Notes from the V Festival
Fresh from the V Festival this weekend, I talk about the Slim Shady and why I now feel my age.
When I heard that Eminem was going to be shuffling his little white trainers on Essex soil last year, I was overwhelmed with excitement. He hasn’t toured in the UK for years and Nick and I had tickets for his tour that was cancelled in 2006 when he was fighting his demons. Marshall Mathers was at last coming to town! And not just any town – Chelmsford, just a couple of miles away and a long way from Eight Mile.

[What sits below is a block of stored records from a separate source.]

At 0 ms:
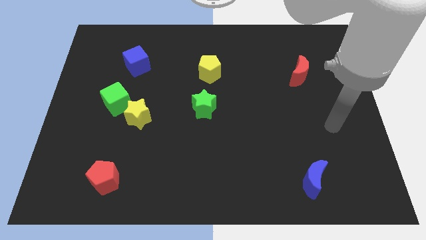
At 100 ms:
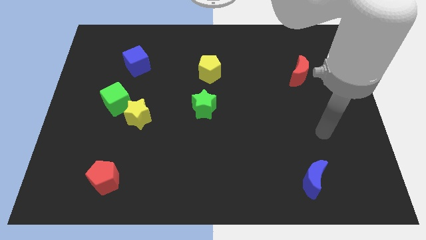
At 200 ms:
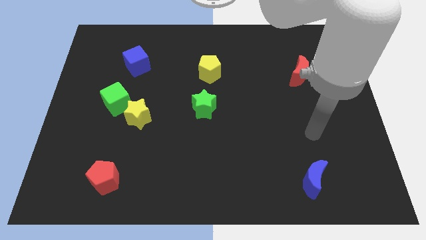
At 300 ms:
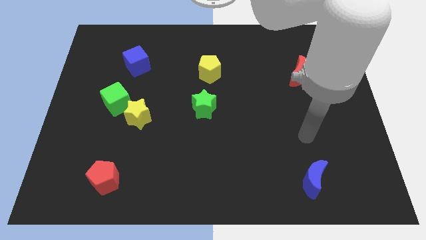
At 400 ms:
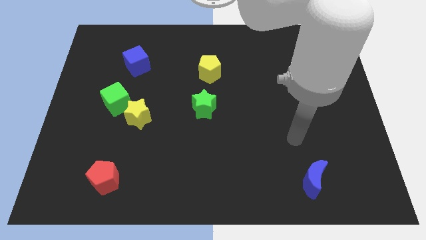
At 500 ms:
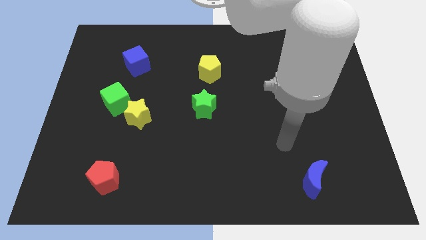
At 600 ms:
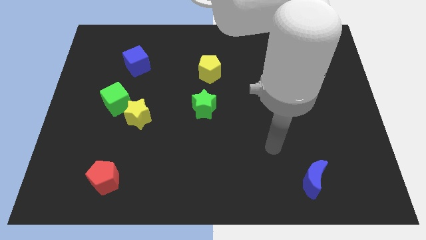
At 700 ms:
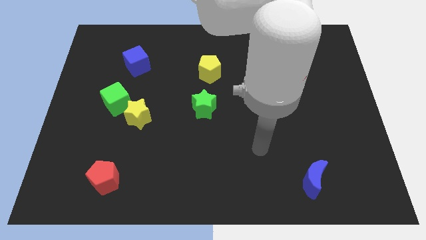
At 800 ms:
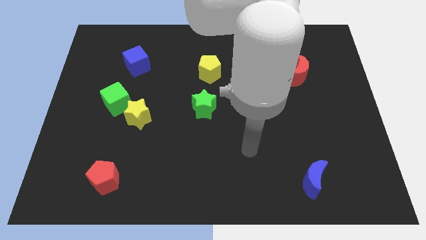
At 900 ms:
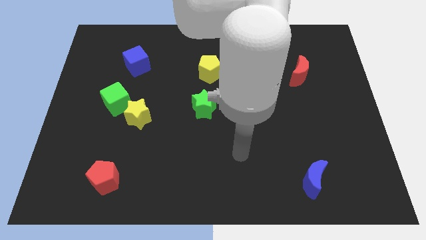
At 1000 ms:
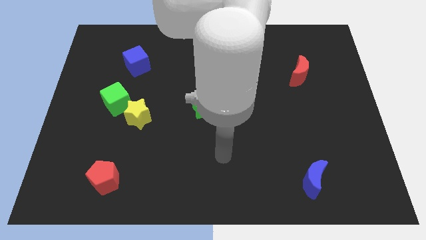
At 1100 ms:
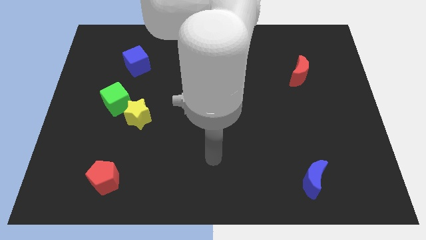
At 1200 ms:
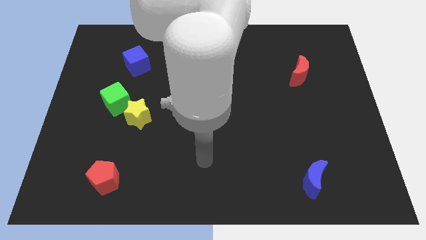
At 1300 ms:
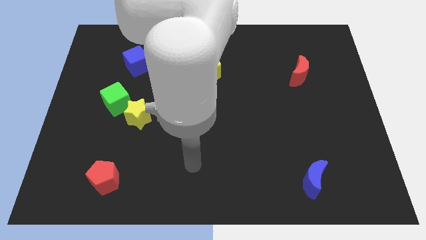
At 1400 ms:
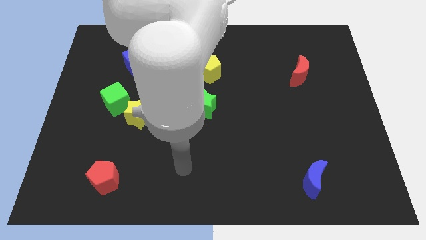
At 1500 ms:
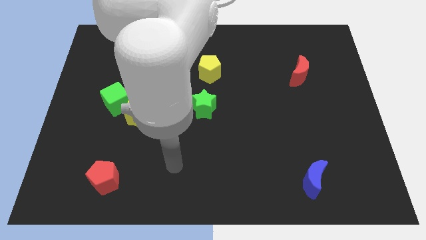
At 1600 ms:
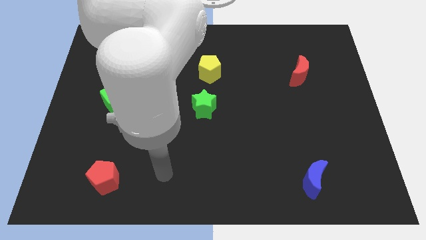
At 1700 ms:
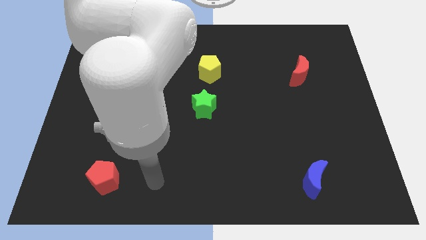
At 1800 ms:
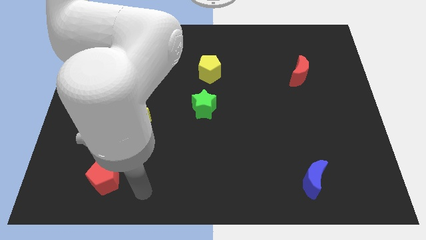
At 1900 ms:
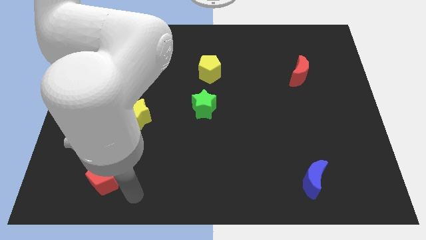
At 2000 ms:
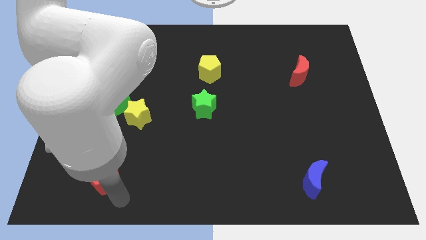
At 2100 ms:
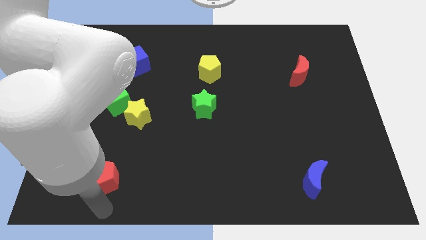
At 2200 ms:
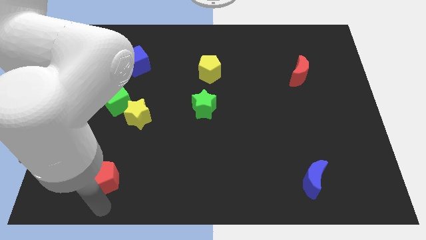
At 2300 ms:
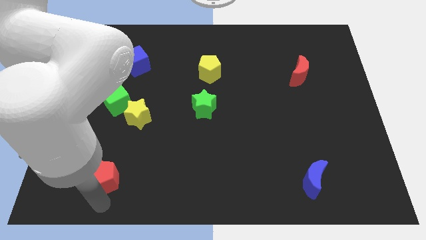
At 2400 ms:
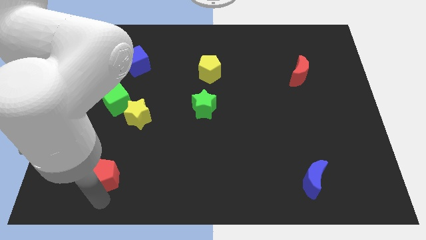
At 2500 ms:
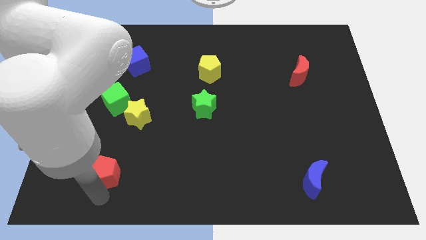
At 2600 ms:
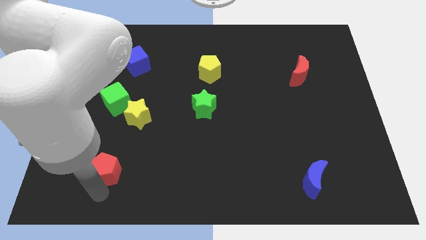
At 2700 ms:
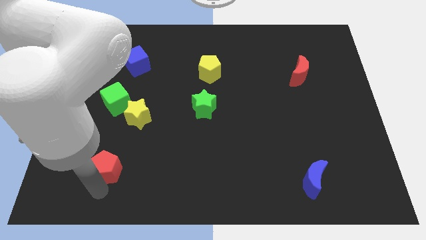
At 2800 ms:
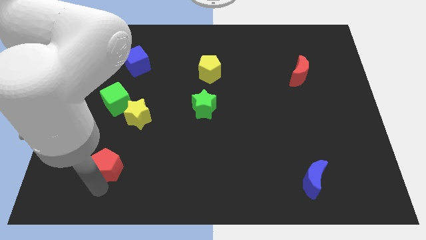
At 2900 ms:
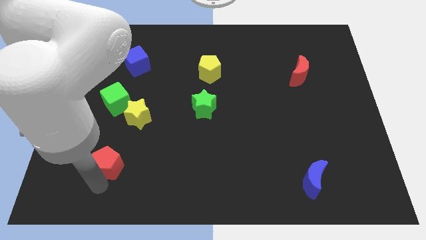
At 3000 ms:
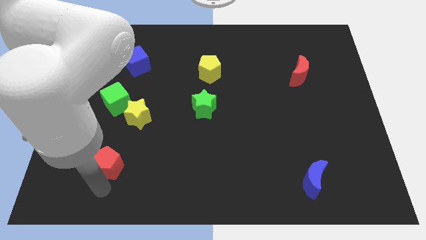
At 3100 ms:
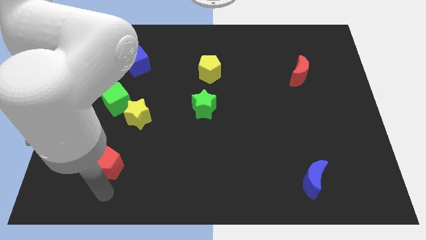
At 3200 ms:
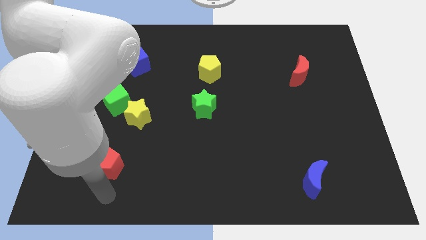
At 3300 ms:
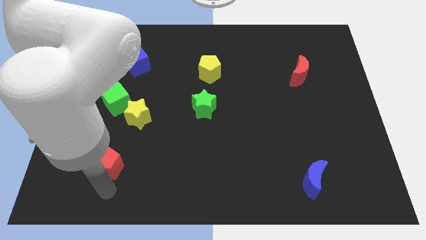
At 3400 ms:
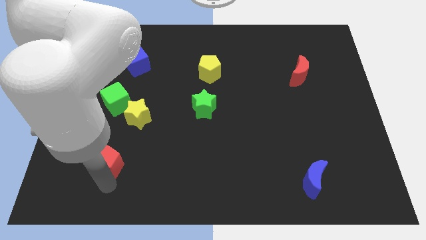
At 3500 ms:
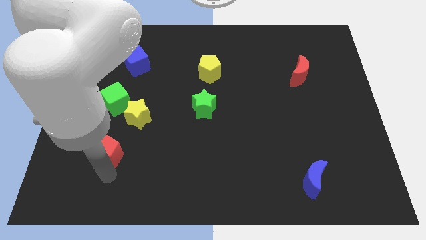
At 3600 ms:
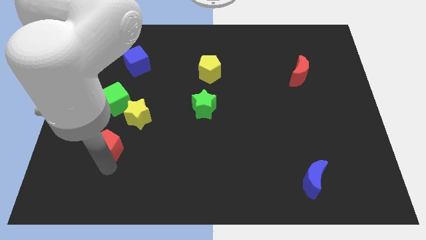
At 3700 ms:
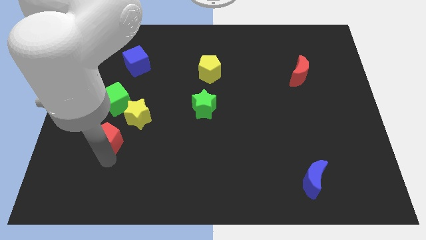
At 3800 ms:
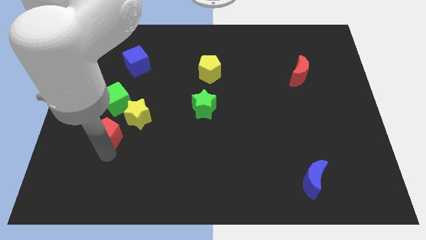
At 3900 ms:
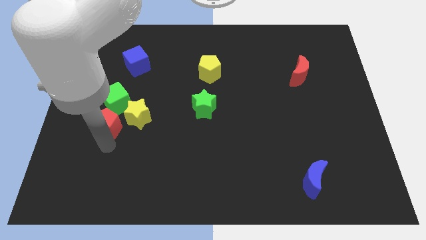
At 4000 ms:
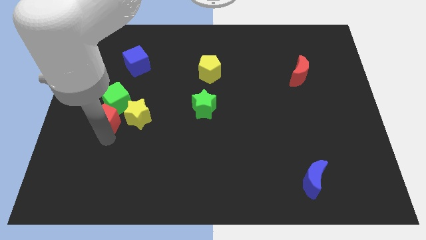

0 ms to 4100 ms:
push the red pentagon towards the green cube

So Slim was announced as headline act at the V Festival and I was lucky enough to get tickets in the online frenzy. I’d heard rumours about the event being a ‘teen bender’ before I went but yesterday I truly felt my age and I hate to say a little on the prudish side.
All I can say about V is that it is ‘all the worst things about Essex’ very well cordoned-off into 600-acres of Essex country estate. Tweeny girls dressed in dangerously high-cut, infertility-inducing denim shorts and skinny, bare-chested boys with bum-fluff stubble parading in groups. Most are there with the sole purpose of ‘pulling’, boozing and drugging themselves into oblivion. Well, at least most of them.
There were many sights to behold. The young guy raving on his own to the fairground music next to the bungee jump ride – maybe he missed the huge 4Music and Virgin sponsored stages in his haze. The string of lads peeing along the fencing and the sea of Perma-tan dancing to the pied piper of chavs, Rihanna. My low point was seeing a group waving inflatable zimmers along to Manic Street Preachers (depressingly my era of music).
My friend Rachel’s son, Joe (aged 14), put it all very succinctly in his question: “Mum, why is everyone here orange?” You can see why the oddly out-of-context God Tent might make a killing on conversions at V. “Help me please God, I’ve taken too many drugs and need my Mummy, now.”
You have to tread carefully at V and after a couple of hours I could why Rach (a seasoned V-er for the music) had worn her sturdy hiking boots. The ground becomes a refuse sight of discarded munchies – squashed burgers and discarded curly chips – with the odd condom thrown in for good measure. Nice.
Then there’s the flying ‘cocktails’. Every now and then the crowd gets dowsed with an airborne plastic pint glass of either wee or Bacardi Breezer – it becomes more of a ‘Pee’ festival during the big gigs.
But it was all worth it when Eminem made his comeback on stage with his genius work and we remembered why we had really braved the day. Although I’m disappointed that the sound engineering was on the ropey side, especially for his haunting rendition of Stan (Eminem, a perfectionist, will not be happy about that). Thank ‘God Tent’ we weren’t camping!